And in that moment, Sansa thought, I don’t want this to be home anymore.

It never occurred to her that people lived outside of Westeros. She knew it, of course, but it always seemed to be an abstract theory, because she never heard of anyone leaving town before. 

“That’s because they don’t.” Uncle Benjen said grimly, when she asked him. “The only door that leads out of Westeros is six feet under, cherry girl.”

“Miss Lyanna left.” Sansa pointed out.

“And now she’s back, so clearly, it didn’t work, now did it?”

She thinks of the first time she saw Lyanna Snow again. She was eight years old. She was riding back from Wolfswood with her friends. She saw Lyanna come out of a five and dime. Her face was flushed from the heat and mirth, and her long dark hair was piled on top of her head. She was laughing with the store owner, Howland Reed. She heard the bell on Sansa’s bike. As their eyes met, her smile sort of faded. But she waved. Sansa waved back to be polite. 

Then, Sansa thinks of the last time she saw Lyanna before that. At the funeral. 

“Jon didn’t, though.” She murmured to herself. “Her son didn’t come back.”

Still, Benjen heard her. He grimaced.

“No. Guess he didn’t.”

* * *

That was mostly everyone’s attitude about Jon Snow.

Everyone was always gossipping about Lyanna—what she wore, what she said to the foodland cashier, her years living up north, how she reacted to Rhaegar Targaryen’s name. But Jon remained an unbroached subject. Sansa thought it would be a bigger deal—Rhaegar Targaryen’s bastard son not coming home—but it wasn’t. Whenever she brought him up to her friends, no one even blinked. It was as if since he was out of their sight, he was out of their minds. Not hers, though.

She googled him one day, just out of curiosity. No instagram, no facebook, no twitter.
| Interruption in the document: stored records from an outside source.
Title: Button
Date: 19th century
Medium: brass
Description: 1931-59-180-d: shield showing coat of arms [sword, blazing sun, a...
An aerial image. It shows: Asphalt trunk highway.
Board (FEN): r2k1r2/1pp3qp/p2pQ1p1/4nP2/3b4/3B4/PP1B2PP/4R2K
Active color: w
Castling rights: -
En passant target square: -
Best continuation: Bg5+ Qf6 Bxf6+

But he had a linkedin, and an article published by the American Historical Review, and one single picture below the article in the about the author section. There he was. Scruffy, dark haired, solemn looking, but _there._ Real. This was what a person who made it out of Westeros looked like. It was possible. Jon Snow was the exception. 

He was _exceptional._

* * *

Jon never came back home for any holidays. Not thanksgiving, or christmas, or easter. Uncoincidentally, Lyanna wouldn’t be in town those couple of days. Obviously she was visiting him.

“He thinks he’s better than us.” Aegon slurred one christmas evening. His head was pillowed on her chest.
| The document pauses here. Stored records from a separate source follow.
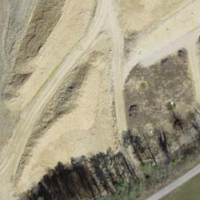
EUNIS habitat code: 56
Species observed at this site:
Epidalea calamita
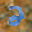
Label: 2
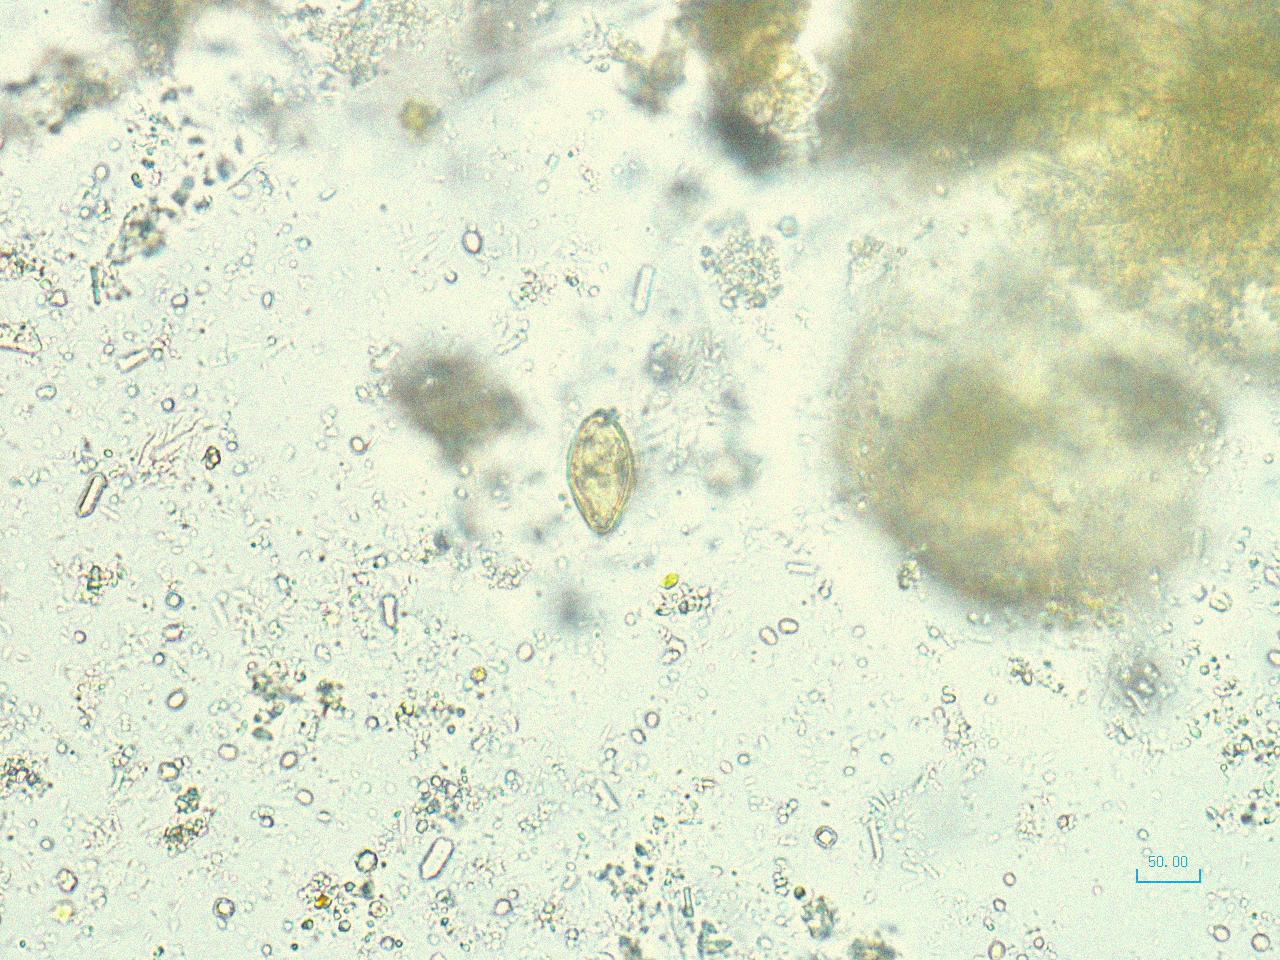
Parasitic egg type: Opisthorchis viverrine
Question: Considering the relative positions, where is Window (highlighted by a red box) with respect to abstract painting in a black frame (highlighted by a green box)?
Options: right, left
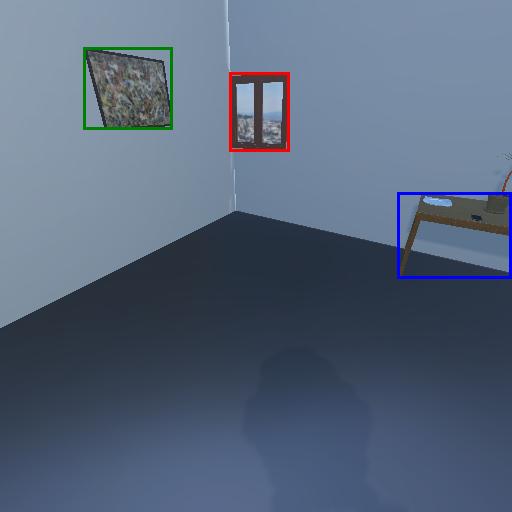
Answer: right
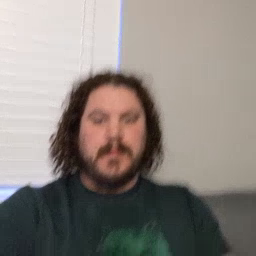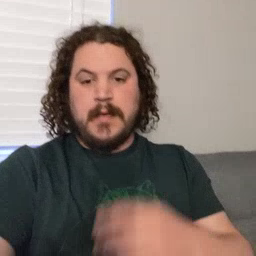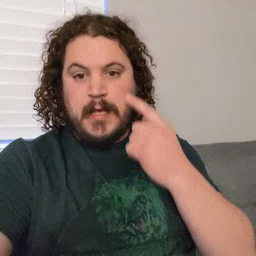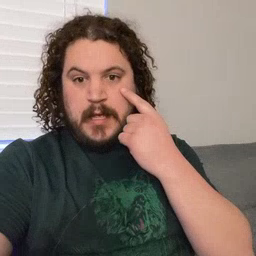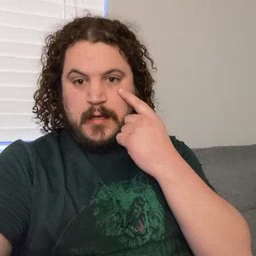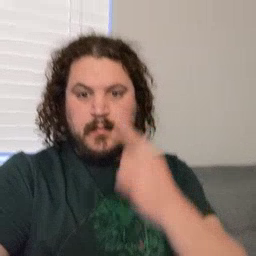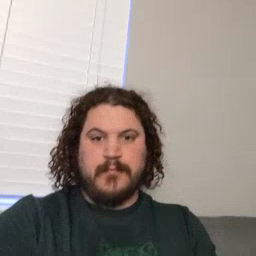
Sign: eye
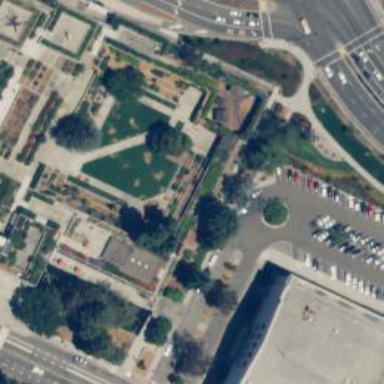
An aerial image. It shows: Garden area designated for leisure land.
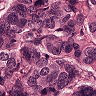
Metastatic tissue present: yes
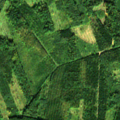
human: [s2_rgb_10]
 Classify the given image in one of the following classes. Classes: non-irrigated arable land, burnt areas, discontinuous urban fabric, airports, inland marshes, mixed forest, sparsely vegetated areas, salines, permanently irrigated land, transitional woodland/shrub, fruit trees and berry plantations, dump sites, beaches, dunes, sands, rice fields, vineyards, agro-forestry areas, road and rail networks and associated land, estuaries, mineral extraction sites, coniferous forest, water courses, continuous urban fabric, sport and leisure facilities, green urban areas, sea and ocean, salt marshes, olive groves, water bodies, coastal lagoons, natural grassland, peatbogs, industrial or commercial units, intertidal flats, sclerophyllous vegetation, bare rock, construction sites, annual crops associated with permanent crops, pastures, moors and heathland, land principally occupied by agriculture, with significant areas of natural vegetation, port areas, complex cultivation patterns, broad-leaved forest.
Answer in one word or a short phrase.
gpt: broad-leaved forest, mixed forest, transitional woodland/shrub
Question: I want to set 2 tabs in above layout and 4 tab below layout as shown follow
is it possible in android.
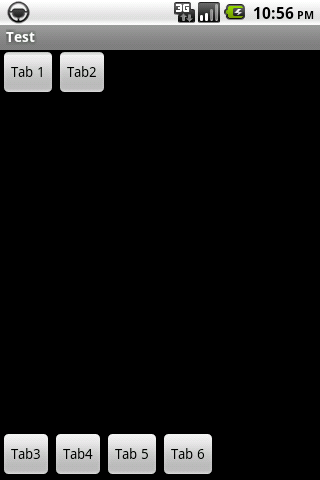
Answer: Hi Hellboy do you mean with the same Tabhost, unfortunately thats not possible... =(
but you will do your own implementation, check this...
<URL>
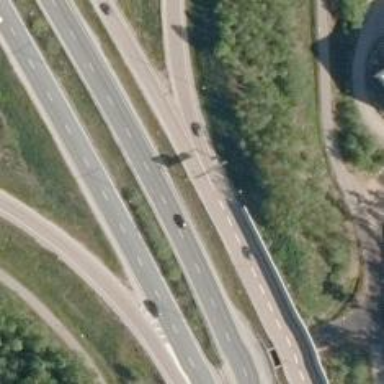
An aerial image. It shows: Asphalt road designated as trunk highway.
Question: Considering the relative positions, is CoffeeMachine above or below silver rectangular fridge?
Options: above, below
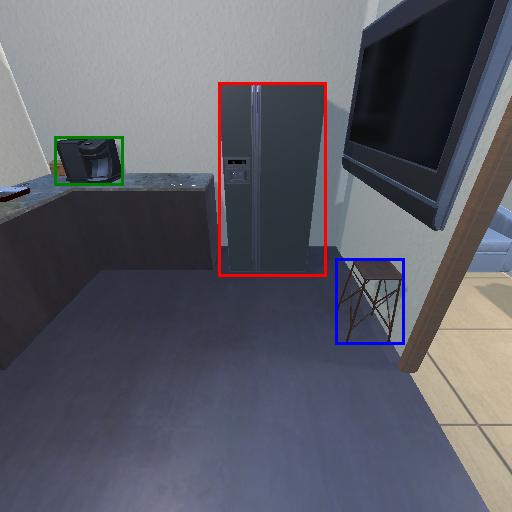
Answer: above
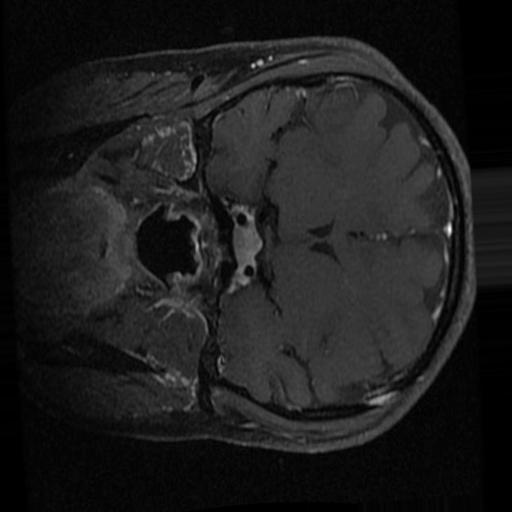
Label: brain_tumor
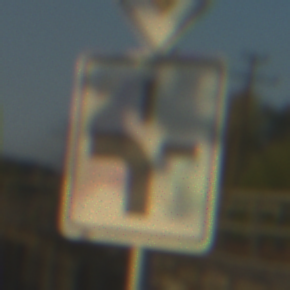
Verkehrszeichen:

_No._ Sansa wanted to say. _He knows he is._

She still kept hope in her heart that one day he’d come back. And when he did, she’d find him and beg him to take her out of here. Show her how to leave this town and not get sucked back in. He probably wouldn’t remember her, but she’d mention Robb and he would take pity on her then. Sansa always hated pity, but she’d take his.
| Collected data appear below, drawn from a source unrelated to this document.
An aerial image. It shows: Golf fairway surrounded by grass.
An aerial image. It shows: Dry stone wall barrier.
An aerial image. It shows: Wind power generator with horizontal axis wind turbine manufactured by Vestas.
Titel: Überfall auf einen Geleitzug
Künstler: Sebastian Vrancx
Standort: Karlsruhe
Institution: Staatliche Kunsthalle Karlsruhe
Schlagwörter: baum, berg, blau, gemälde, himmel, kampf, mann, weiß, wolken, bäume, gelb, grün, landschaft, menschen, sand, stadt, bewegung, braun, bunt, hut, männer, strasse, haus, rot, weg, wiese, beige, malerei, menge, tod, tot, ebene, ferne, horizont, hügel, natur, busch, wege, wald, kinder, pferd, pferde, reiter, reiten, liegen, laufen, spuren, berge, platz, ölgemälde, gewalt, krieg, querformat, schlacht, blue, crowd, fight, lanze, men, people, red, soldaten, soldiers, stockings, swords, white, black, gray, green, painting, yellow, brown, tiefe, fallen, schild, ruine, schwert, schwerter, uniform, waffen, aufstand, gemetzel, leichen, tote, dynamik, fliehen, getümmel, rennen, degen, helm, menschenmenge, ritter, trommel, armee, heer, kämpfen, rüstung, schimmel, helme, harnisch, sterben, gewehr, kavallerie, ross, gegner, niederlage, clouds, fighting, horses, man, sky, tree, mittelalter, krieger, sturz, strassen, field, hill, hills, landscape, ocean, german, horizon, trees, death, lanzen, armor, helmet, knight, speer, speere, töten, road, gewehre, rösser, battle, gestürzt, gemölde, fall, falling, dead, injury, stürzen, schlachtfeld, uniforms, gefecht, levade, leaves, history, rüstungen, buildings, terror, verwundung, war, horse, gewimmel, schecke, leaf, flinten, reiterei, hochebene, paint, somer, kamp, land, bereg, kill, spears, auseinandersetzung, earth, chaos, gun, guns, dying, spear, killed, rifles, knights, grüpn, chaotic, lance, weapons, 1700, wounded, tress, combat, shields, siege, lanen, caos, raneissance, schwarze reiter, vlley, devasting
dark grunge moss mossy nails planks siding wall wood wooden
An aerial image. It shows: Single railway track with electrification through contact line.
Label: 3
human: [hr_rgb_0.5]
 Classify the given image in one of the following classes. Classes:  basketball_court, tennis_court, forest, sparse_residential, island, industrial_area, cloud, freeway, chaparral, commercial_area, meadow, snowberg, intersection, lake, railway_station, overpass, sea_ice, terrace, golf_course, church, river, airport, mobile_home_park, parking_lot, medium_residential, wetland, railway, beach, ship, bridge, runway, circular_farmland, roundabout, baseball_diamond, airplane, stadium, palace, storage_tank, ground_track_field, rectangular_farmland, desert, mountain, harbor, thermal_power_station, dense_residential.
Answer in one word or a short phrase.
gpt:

Year after year, like Rhaegar Targaryen, Sansa waited for Jon Snow to come home. She dreamed about it. She wished on anything she could find: bright stars and dandelions and birthday candles and water fountains. She lost track of all the wishes she gave him. Then she stopped believing in wishes altogether.

Because he never came.

* * *

8 years is a long time to give someone your wishes.

And it’s a lot of wishes.

* * *

It’s the last week of July. Jon Snow is supposed to be teaching her how to drive, but she’s riding him instead.

The air conditioning is being blasted, but sweat still causes her hair to stick to the back of her neck. Everywhere her mouth touches him, his neck, his jaw, his chest—tastes salty. His hands grip her waist so hard they bruise. She likes that. She likes it so much she moves his hand up to her throat. 

His brow draws down tight, creasing in puzzlement. His eyes are still heavy lidded with the satisfaction but his first concern is her. Always her. He strokes the column of her throat. “What do you want?”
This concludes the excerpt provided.